Unless an engineer is directly involved in manufacturing, he or she may only be slightly familiar with “lean” principles. Long considered a way to greatly improve manufacturing efficiency, lean can be applied to any business or production process, in any industry. For example, lean is now being used extensively in the healthcare industry to improve efficiency and reduce costs. The principles can even be used, on a smaller scale, to organize your office, workspace, or laboratory.
The goal of lean is to eliminate waste—the non-value-added components in any process. Unless a process has gone through lean multiple times, it contains some element of waste. When done correctly, lean can create huge improvements in efficiency, cycle time, productivity, material costs, and scrap, leading to lower costs and improved competitiveness. And remember, lean isn’t restricted to manufacturing. It can improve how a team works together, inventory management, and even client interaction.

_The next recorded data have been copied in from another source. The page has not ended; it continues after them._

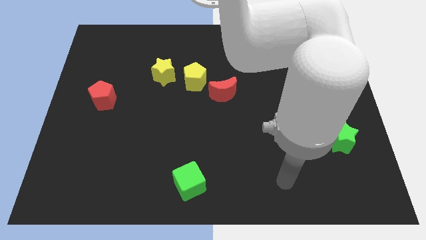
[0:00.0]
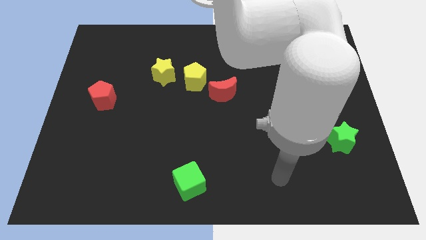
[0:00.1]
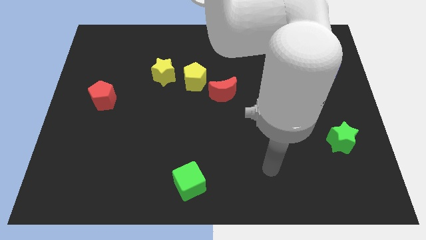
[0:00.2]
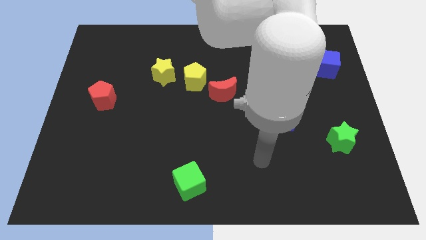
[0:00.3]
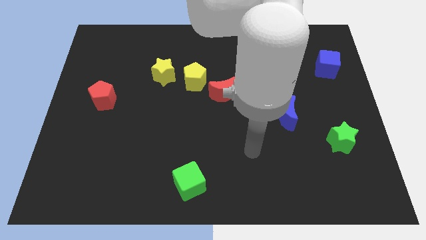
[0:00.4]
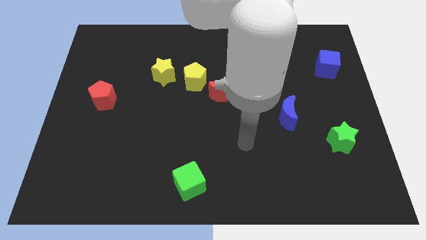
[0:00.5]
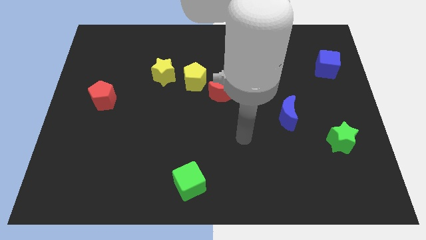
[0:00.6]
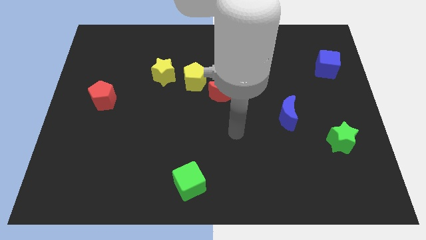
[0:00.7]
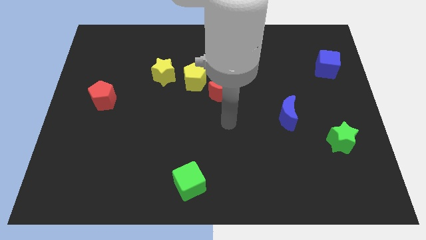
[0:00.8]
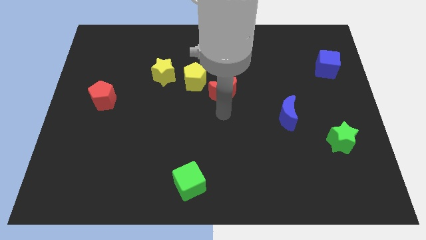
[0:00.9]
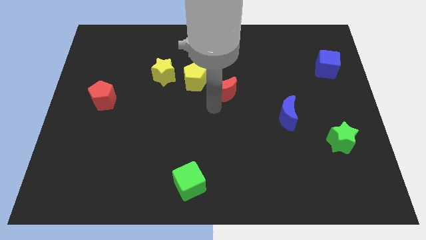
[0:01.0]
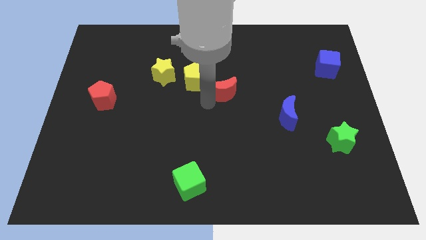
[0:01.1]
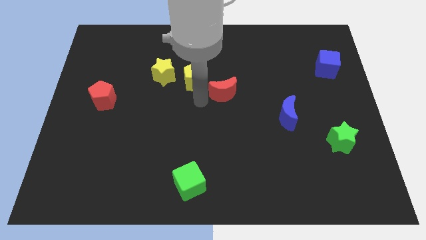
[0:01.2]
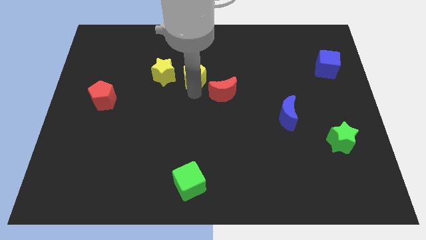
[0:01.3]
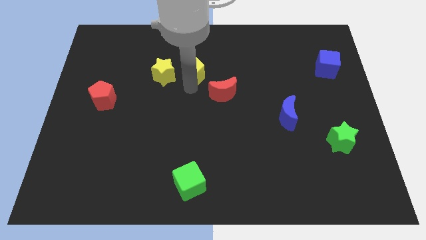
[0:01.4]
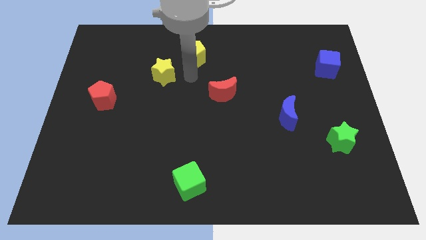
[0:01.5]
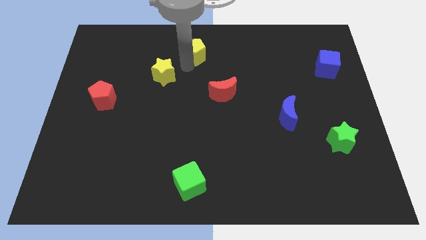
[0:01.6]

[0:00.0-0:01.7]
move the yellow star away from the yellow pentagon

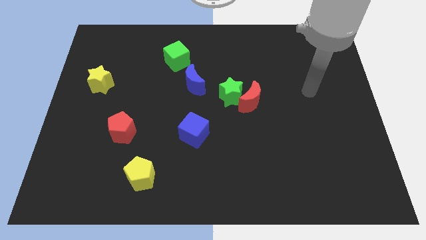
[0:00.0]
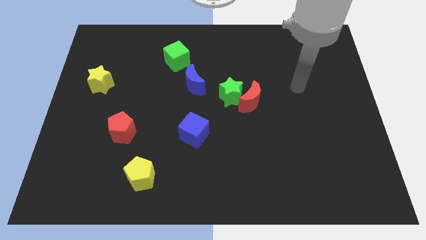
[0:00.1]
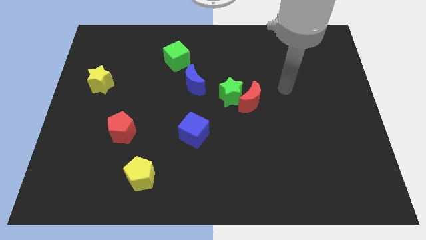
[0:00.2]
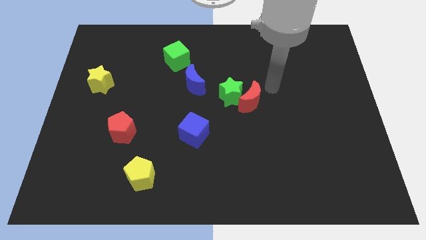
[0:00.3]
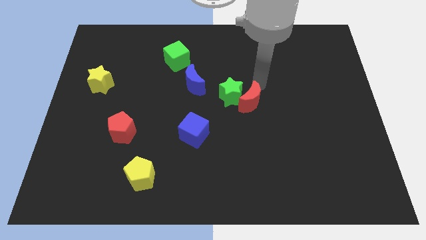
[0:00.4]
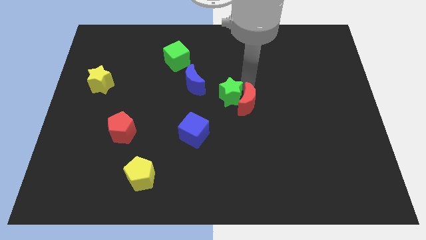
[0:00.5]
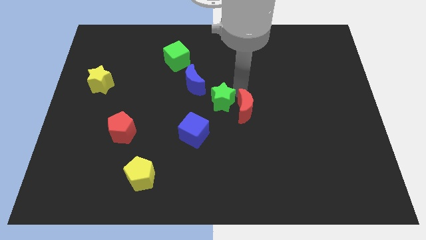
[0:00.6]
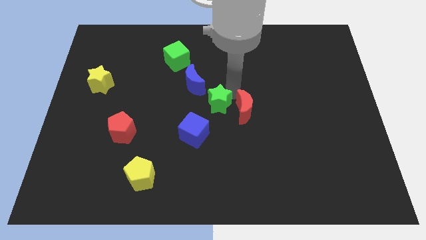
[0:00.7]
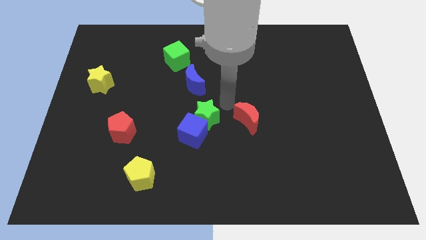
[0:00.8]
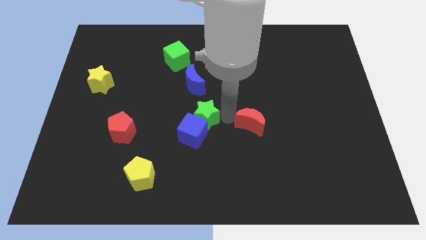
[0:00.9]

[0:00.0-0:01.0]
separate the red moon from the green star

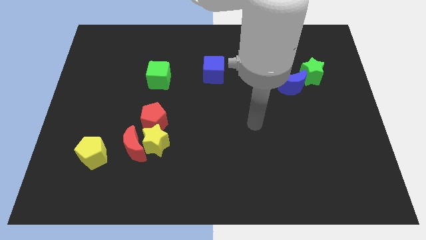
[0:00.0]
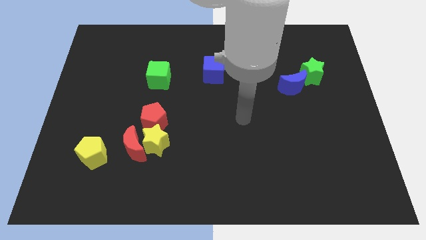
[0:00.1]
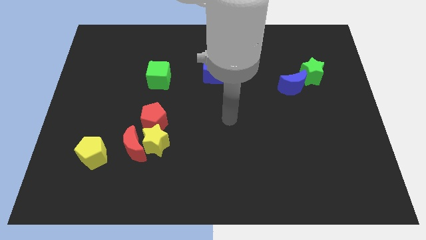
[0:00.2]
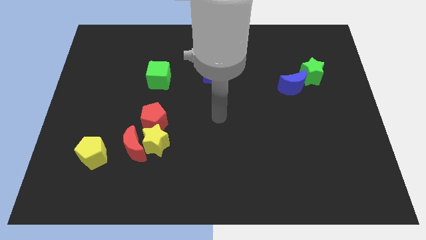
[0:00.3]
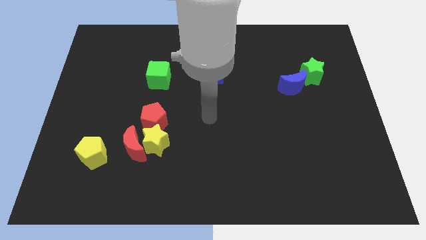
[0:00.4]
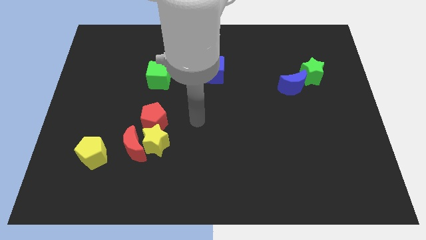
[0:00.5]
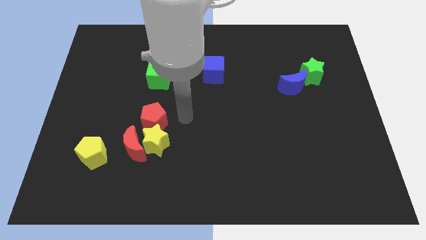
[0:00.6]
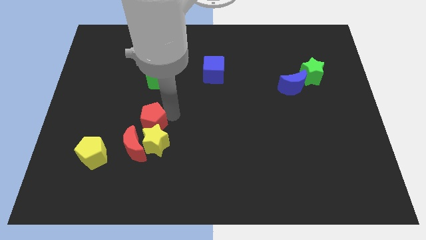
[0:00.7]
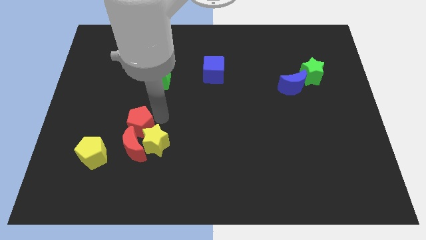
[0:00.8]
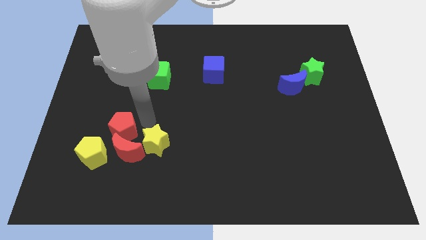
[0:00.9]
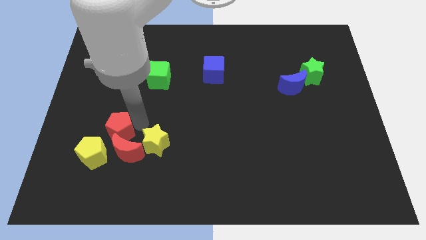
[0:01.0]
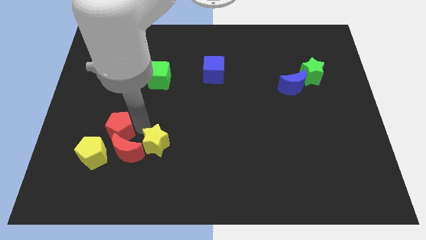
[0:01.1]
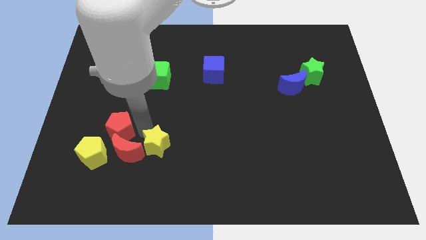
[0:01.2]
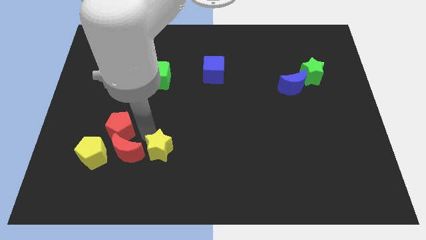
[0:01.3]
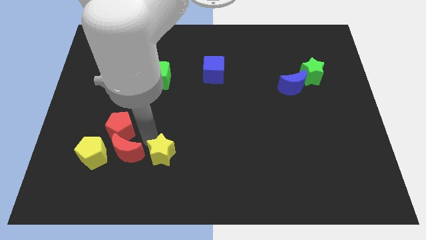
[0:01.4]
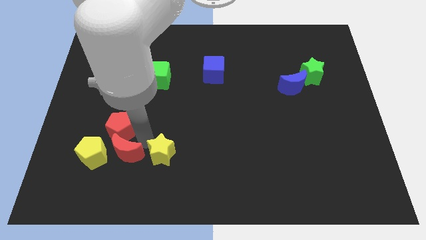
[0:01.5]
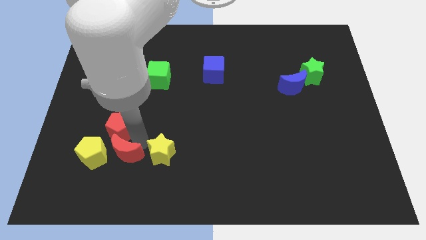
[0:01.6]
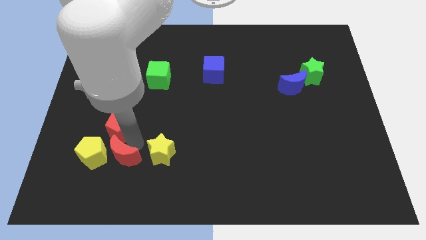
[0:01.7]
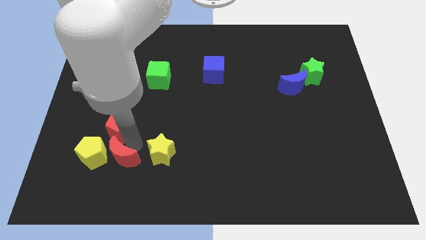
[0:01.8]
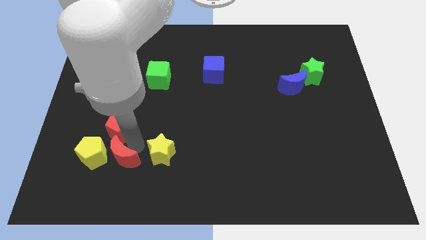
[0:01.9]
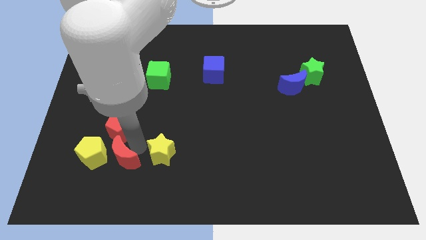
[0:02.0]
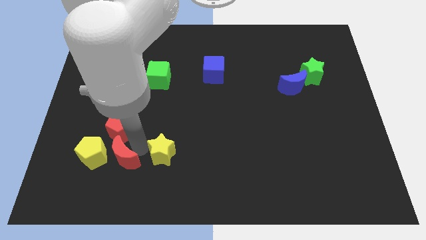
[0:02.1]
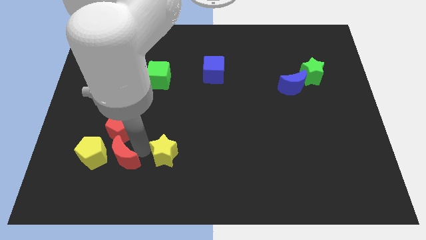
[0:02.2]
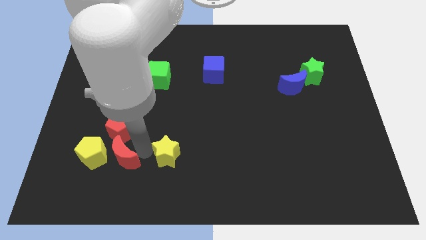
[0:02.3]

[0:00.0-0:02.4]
separate the yellow star from the red moon and red pentagon

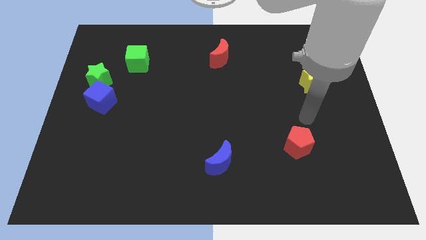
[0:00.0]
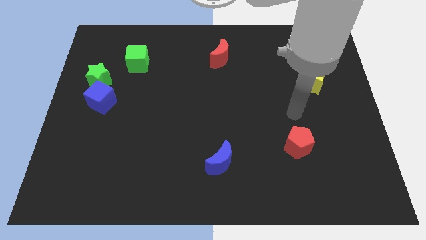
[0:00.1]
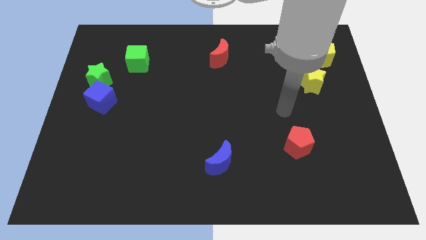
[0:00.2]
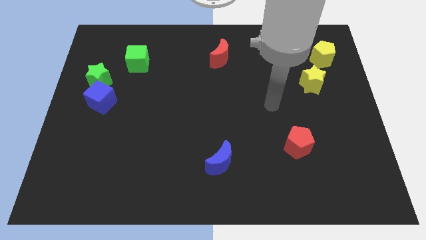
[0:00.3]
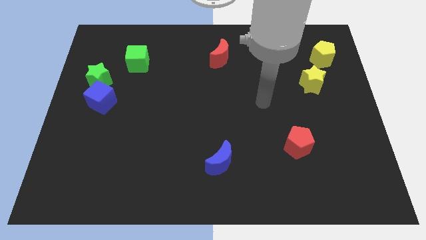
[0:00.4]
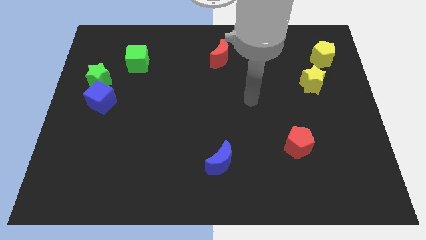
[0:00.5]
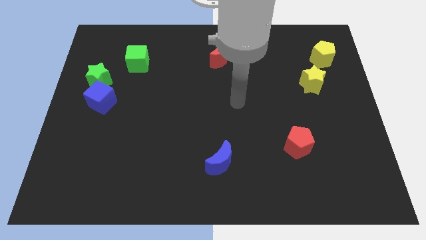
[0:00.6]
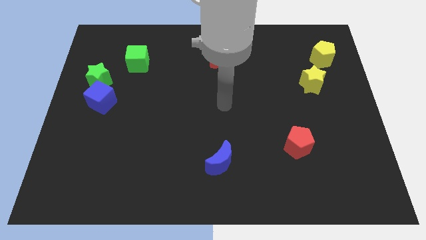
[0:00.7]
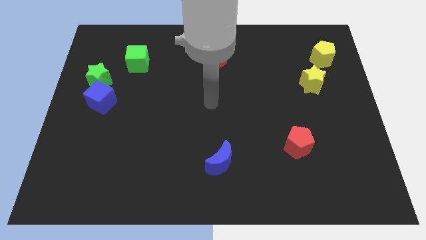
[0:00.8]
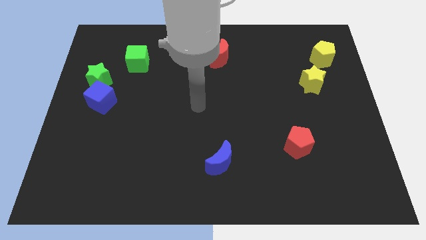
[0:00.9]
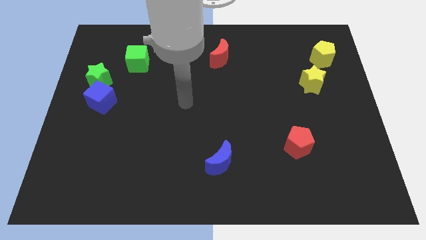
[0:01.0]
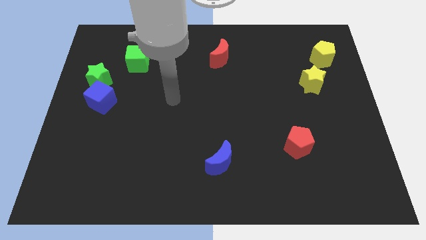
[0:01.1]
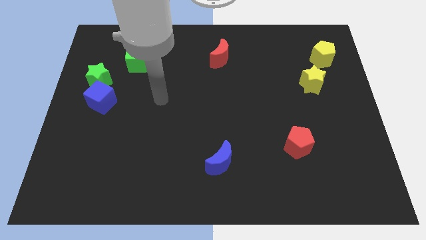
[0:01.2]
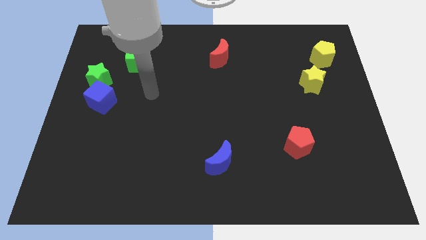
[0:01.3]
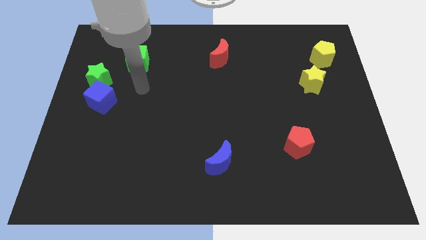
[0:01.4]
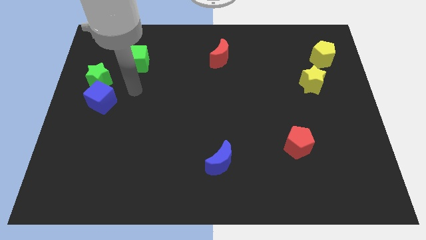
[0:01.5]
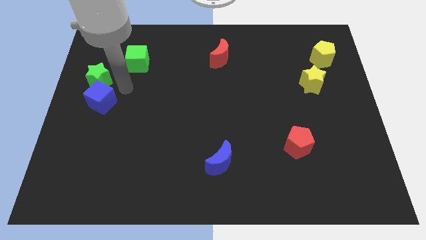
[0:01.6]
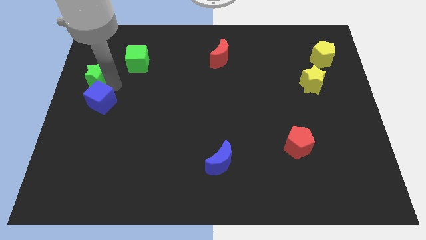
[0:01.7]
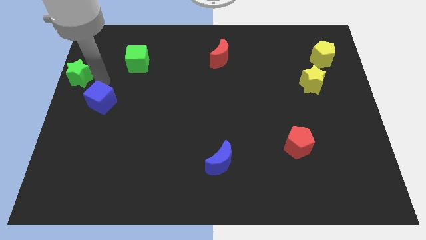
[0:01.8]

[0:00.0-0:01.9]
separate the blue cube from the green star

1. Value. Value is always defined by the customer’s needs for a specific product. For example, what is the timeline for manufacturing and delivery? What is the price point? What are other important requirements or expectations that must be met? This information is vital for defining value.
2. Value stream. Once the value (end goal) has been determined, the next step is mapping the “value stream,” or all the steps and processes involved in taking a specific product from raw materials and delivering the final product to the customer. Value-stream mapping is a simple but eye-opening experience that identifies all the actions that take a product or service through any process. That process can be in design, production, procurement, HR, administration, delivery, or customer service. The idea is to draw, on one page, a "map" of the flow of material/product through the process. The goal is to identify every step that does not create value and then find ways to eliminate those wasteful steps. Value-stream mapping is sometimes referred to as process re-engineering. Ultimately this exercise also results in a better understanding of the entire business operation.
3. Flow. After the waste has been removed from the value stream, the next step is to be sure the remaining steps flow smoothly with no interruptions, delays, or bottlenecks. “Make the value-creating steps occur in tight sequence so that the product or service will flow smoothly toward the customer,” advises LEI. This may require breaking down silo thinking and making the effort to become cross-functional across all departments, which can be one of the greatest challenges for lean programs to overcome. However, studies show that this will also lead to huge gains in productivity and efficiency, sometimes as high as 50-percent improvement or more.
4. Pull. With improved flow, time to market (or time to customer) can be dramatically improved. This makes it much easier to deliver products as needed, as in “just in time” manufacturing or delivery. This means the customer can “pull” the product from you as needed (often in weeks, instead of months). As a result, products don’t need to be built in advance or materials stockpiled, creating expensive inventory that needs to be managed, saving money for both the manufacturer/provider and the customer.
5. Perfection. Accomplishing Steps 1-4 is a great start, but the fifth step is perhaps the most important: making lean thinking and process improvement part of your corporate culture. As gains continue to pile up, it is important to remember lean is not a static system and requires constant effort and vigilance to perfect. Every employee should be involved in implementing lean. Lean experts often say that a process is not truly lean until it has been through value-stream mapping at least half a dozen times.